Conceitos essenciais
A novel two-stage framework that cascades target speaker extraction and speech emotion recognition to mitigate the impact of human speech noise on emotion recognition performance.
Resumo
The paper proposes a two-stage framework for robust speech emotion recognition (SER) in noisy environments, particularly those with human speech noise.
In the first stage, the framework trains a target speaker extraction (TSE) model to extract the speech of the target speaker from a mixture of speech signals. This TSE model is trained on a large-scale mixed-speech corpus.
In the second stage, the extracted target speaker speech is used for SER training and testing. Two training methods are explored:
-
TSE-SER-base: The pretrained TSE model is used to denoise the emotional speech corpus, and the denoised corpus is then used to train the SER model.
-
TSE-SER-ft: The pretrained TSE model is jointly fine-tuned with the SER model using the mixed emotional speech corpus.
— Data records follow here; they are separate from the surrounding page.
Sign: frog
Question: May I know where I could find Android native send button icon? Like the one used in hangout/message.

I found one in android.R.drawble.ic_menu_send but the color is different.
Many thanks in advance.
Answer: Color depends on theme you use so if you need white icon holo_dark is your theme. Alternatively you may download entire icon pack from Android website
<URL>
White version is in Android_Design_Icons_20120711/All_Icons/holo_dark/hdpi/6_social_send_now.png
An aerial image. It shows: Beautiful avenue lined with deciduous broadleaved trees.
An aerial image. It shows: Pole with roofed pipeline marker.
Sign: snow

Experiments show that the proposed framework significantly outperforms baseline SER models that do not use the TSE method, achieving up to a 14.33% improvement in unweighted accuracy. The framework is particularly effective in dealing with different-gender speech mixtures.
The key insights are:
- Human speech noise severely degrades the performance of SER models trained on clean data.
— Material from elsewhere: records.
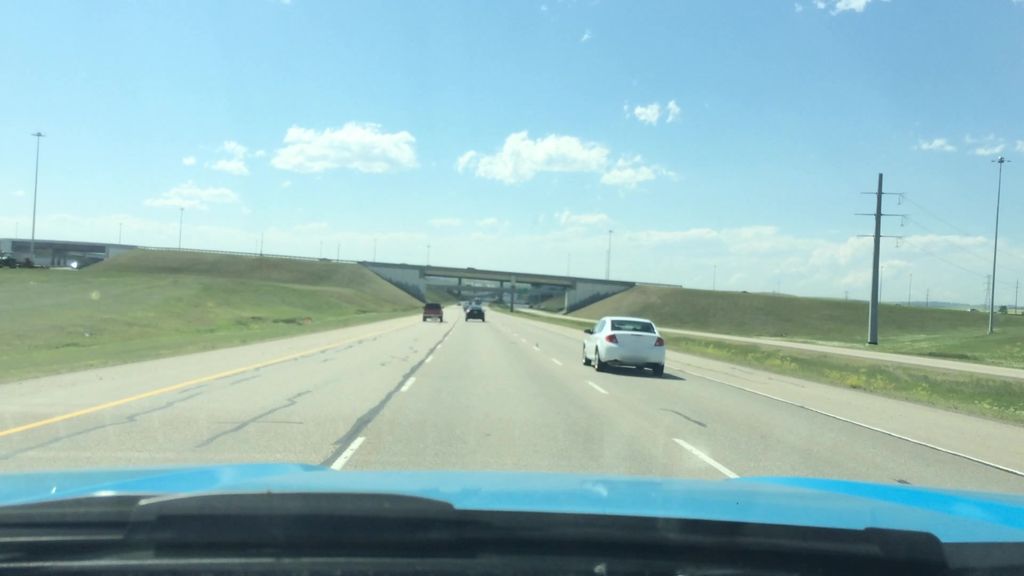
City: calgary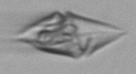
Label: Gyrodinium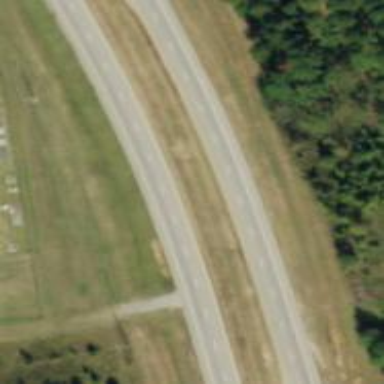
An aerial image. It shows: Trunk highway.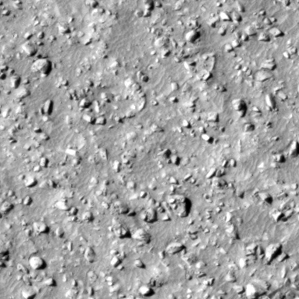
Label: non_frost

- Integrating TSE into the SER framework can effectively mitigate the impact of human speech noise.
- Joint fine-tuning of the TSE and SER models further improves the performance.
- The framework performs better on different-gender speech mixtures compared to same-gender mixtures.
Estatísticas
The SI-SDR of the noisy speech before being processed by the TSE model is 0.09 dB.
The SI-SDRi for the TSE models of TSE-SER-base and TSE-SER-ft are 7.68 dB and 12.90 dB, respectively.
The SI-SDR of same-gender mixture is 0 dB, while the SI-SDR of different-gender mixture is 0.02 dB.
The SI-SDRi for the TSE model on same-gender mixture is 1.09 dB, and on different-gender mixture is 5.22 dB.
Citações
"Developing a robust speech emotion recognition (SER) system in noisy conditions faces challenges posed by different noise properties."
"Most previous studies have not considered the impact of human speech noise, thus limiting the application scope of SER."
"Our developed system achieves a 14.33% improvement in unweighted accuracy (UA) compared to a baseline without using TSE method, demonstrating the effectiveness of our framework in mitigating the impact of human speech noise."